Brown tried his best to put a favorable sheen on the court’s decision, calling it “encouraging” and arguing that it gives California “the time and the resources necessary to help inmates become productive members of society and make our communities safe.”
But California voters, led by law-and-order GOP legislators, have made it clear that they don’t want lawbreakers, even purportedly rehabilitated ones, released early so they can move back into their communities. And if the overflow of inmates can’t stay in state prisons or be shipped across California’s borders, the only alternatives involve sending them to local jails or putting them back on the streets, two very politically unpopular moves.
The soaring prison population can be blamed largely on a “lock ‘em all up” mentality among state voters, who over the years have backed “three strikes” and a variety of other tough sentencing rules. Calling for a do-over, as the court has urged and many Democratic legislators seem to support, won’t go far if voters aren’t ready to go along with that change.
Brown has a right to be grumpy about the court’s take on the overcrowding problem, which often seems to ignore the political realities that Brown and every other governor in the country have to deal with every day.

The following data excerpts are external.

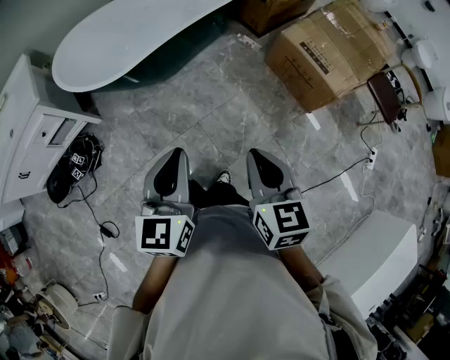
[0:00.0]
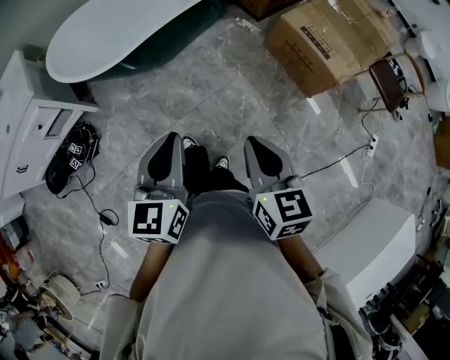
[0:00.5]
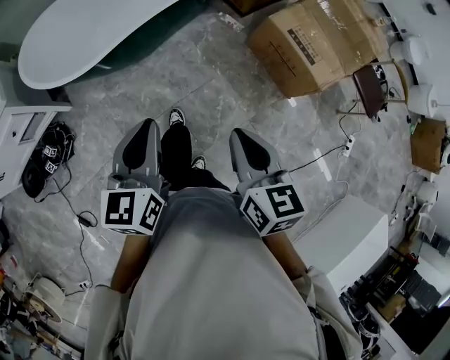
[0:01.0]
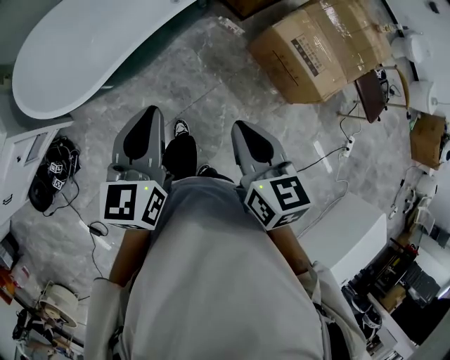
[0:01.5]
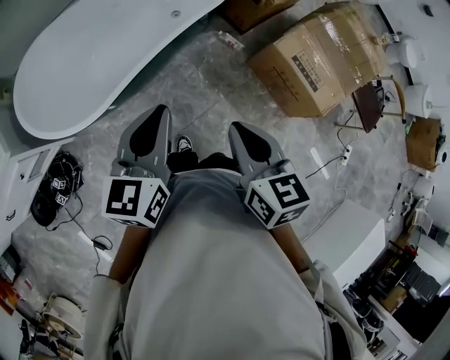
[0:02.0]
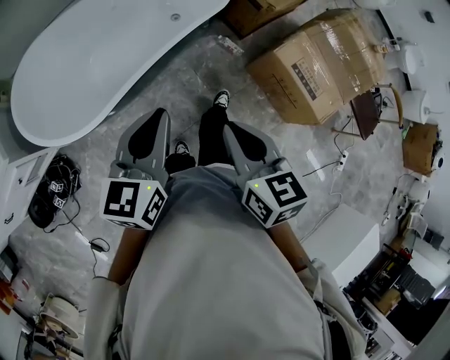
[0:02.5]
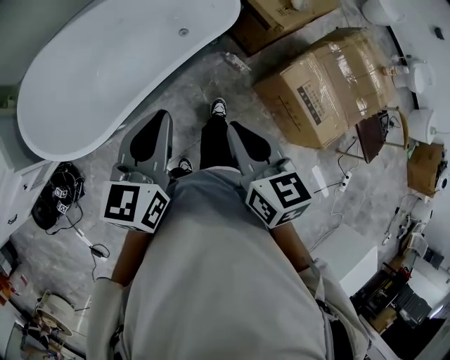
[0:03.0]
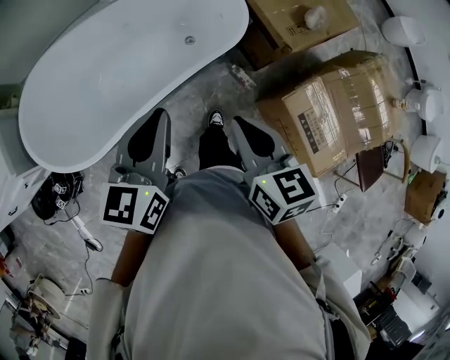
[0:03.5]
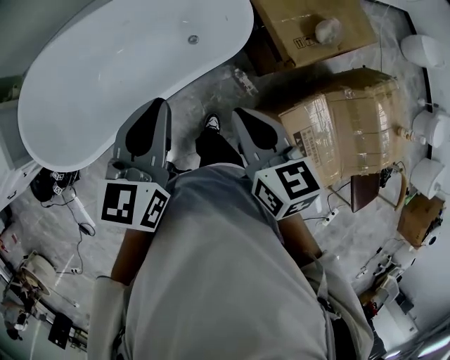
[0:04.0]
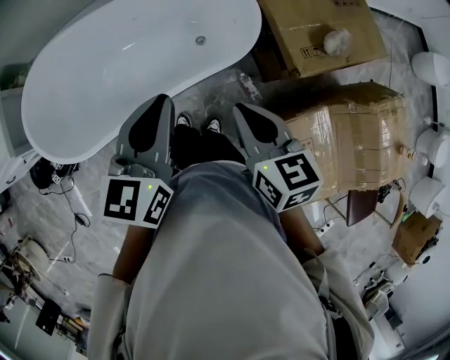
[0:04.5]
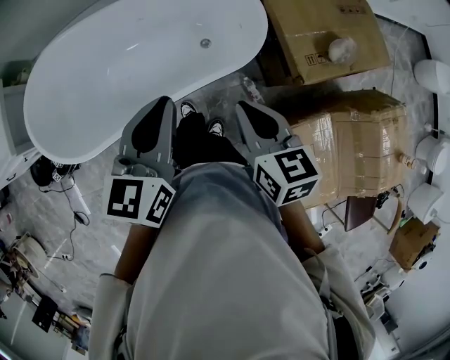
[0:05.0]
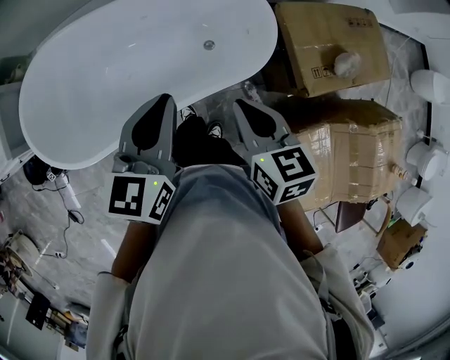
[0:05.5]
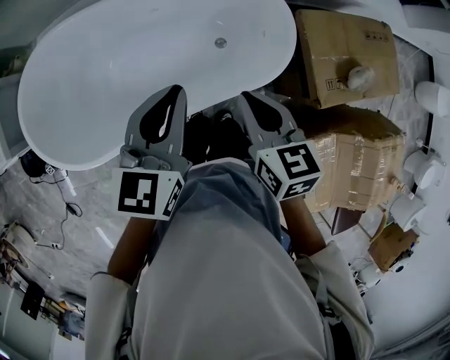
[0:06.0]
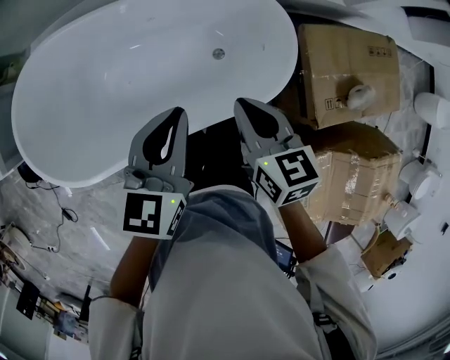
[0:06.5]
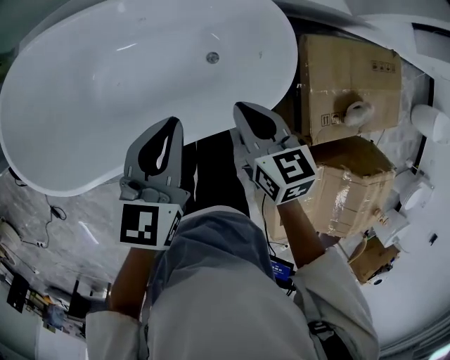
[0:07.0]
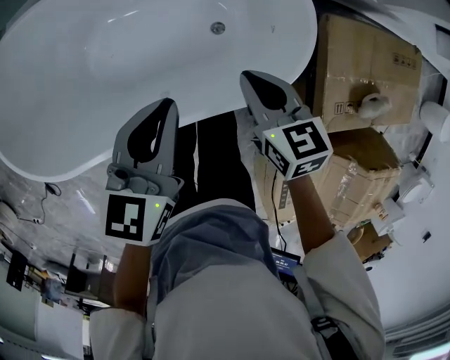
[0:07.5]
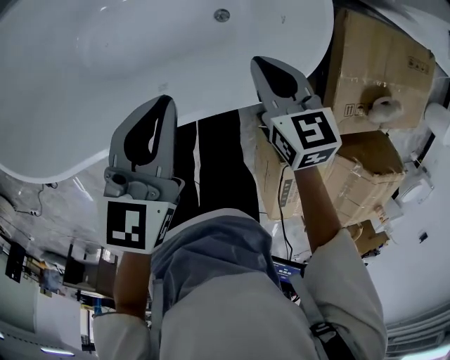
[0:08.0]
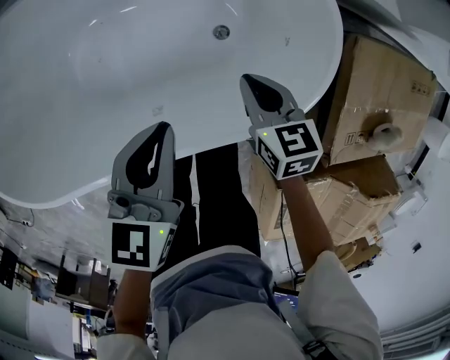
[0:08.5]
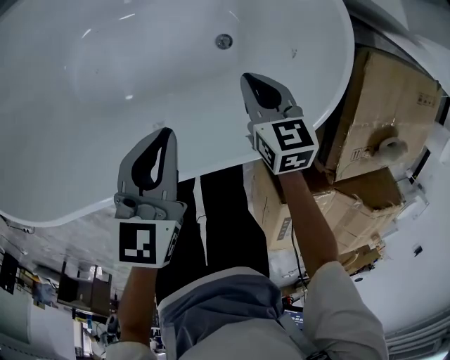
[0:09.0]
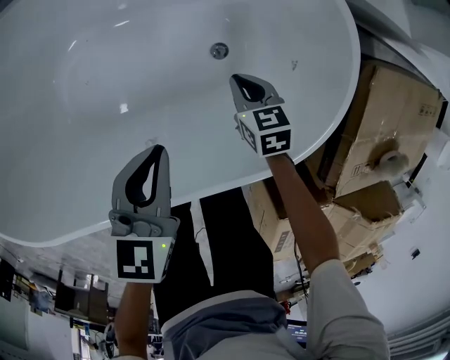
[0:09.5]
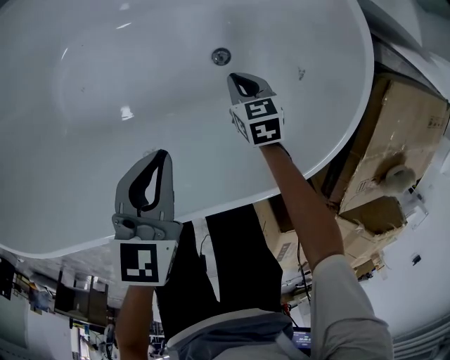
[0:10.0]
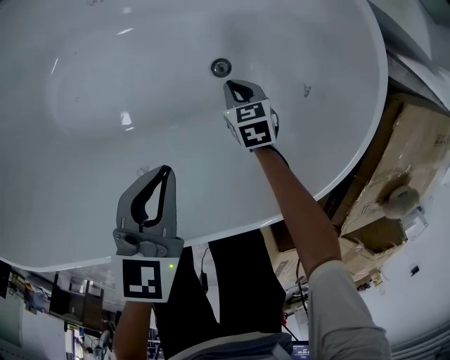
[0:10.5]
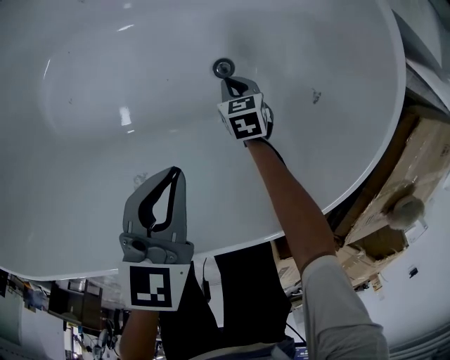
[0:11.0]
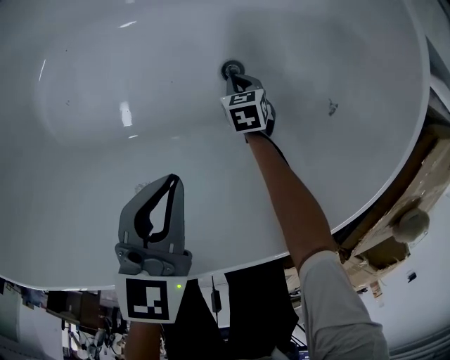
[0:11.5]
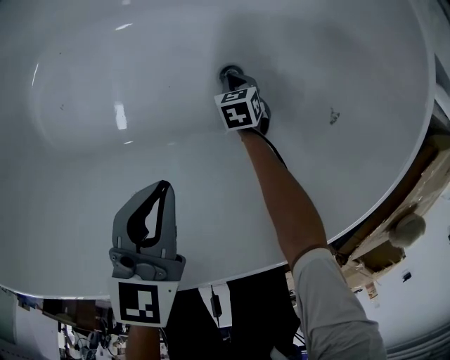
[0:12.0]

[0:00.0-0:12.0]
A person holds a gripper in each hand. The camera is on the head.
0:00.0 to 0:02.0: The grippers both shift forward by about 40 cm.
0:02.0 to 0:04.0: Both grippers are carried forward and to the right, some 50 cm.
0:04.0 to 0:06.0: The two grippers go approximately 20 cm forward and to the left.
0:06.0 to 0:08.0: Both grippers travel together downward and forward, some 30 cm.
0:08.0 to 0:10.0: Both grippers travel together downward, roughly 30 cm.
0:10.0 to 0:12.0: The right gripper shifts some 25 cm downward; the left gripper goes roughly 15 cm downward.

It’s easy for judges to say that many states “have come to realize that, properly handled, the release of prisoners held past the time necessary to serve the purpose of their incarceration will not result in danger to the community, but rather may actually benefit both the prisoners and their communities.”
But try selling that to voters worried about having their homes burglarized, their cars broken into or being robbed on the street.
Judges, though, will argue that their job is to determine whether the Constitution is being followed. Getting that done is Brown’s concern.
The governor can’t argue that he didn’t see this final step coming. Over the years, each new court order has been testier and testier, with the judges essentially saying, “Solve this problem now or else.”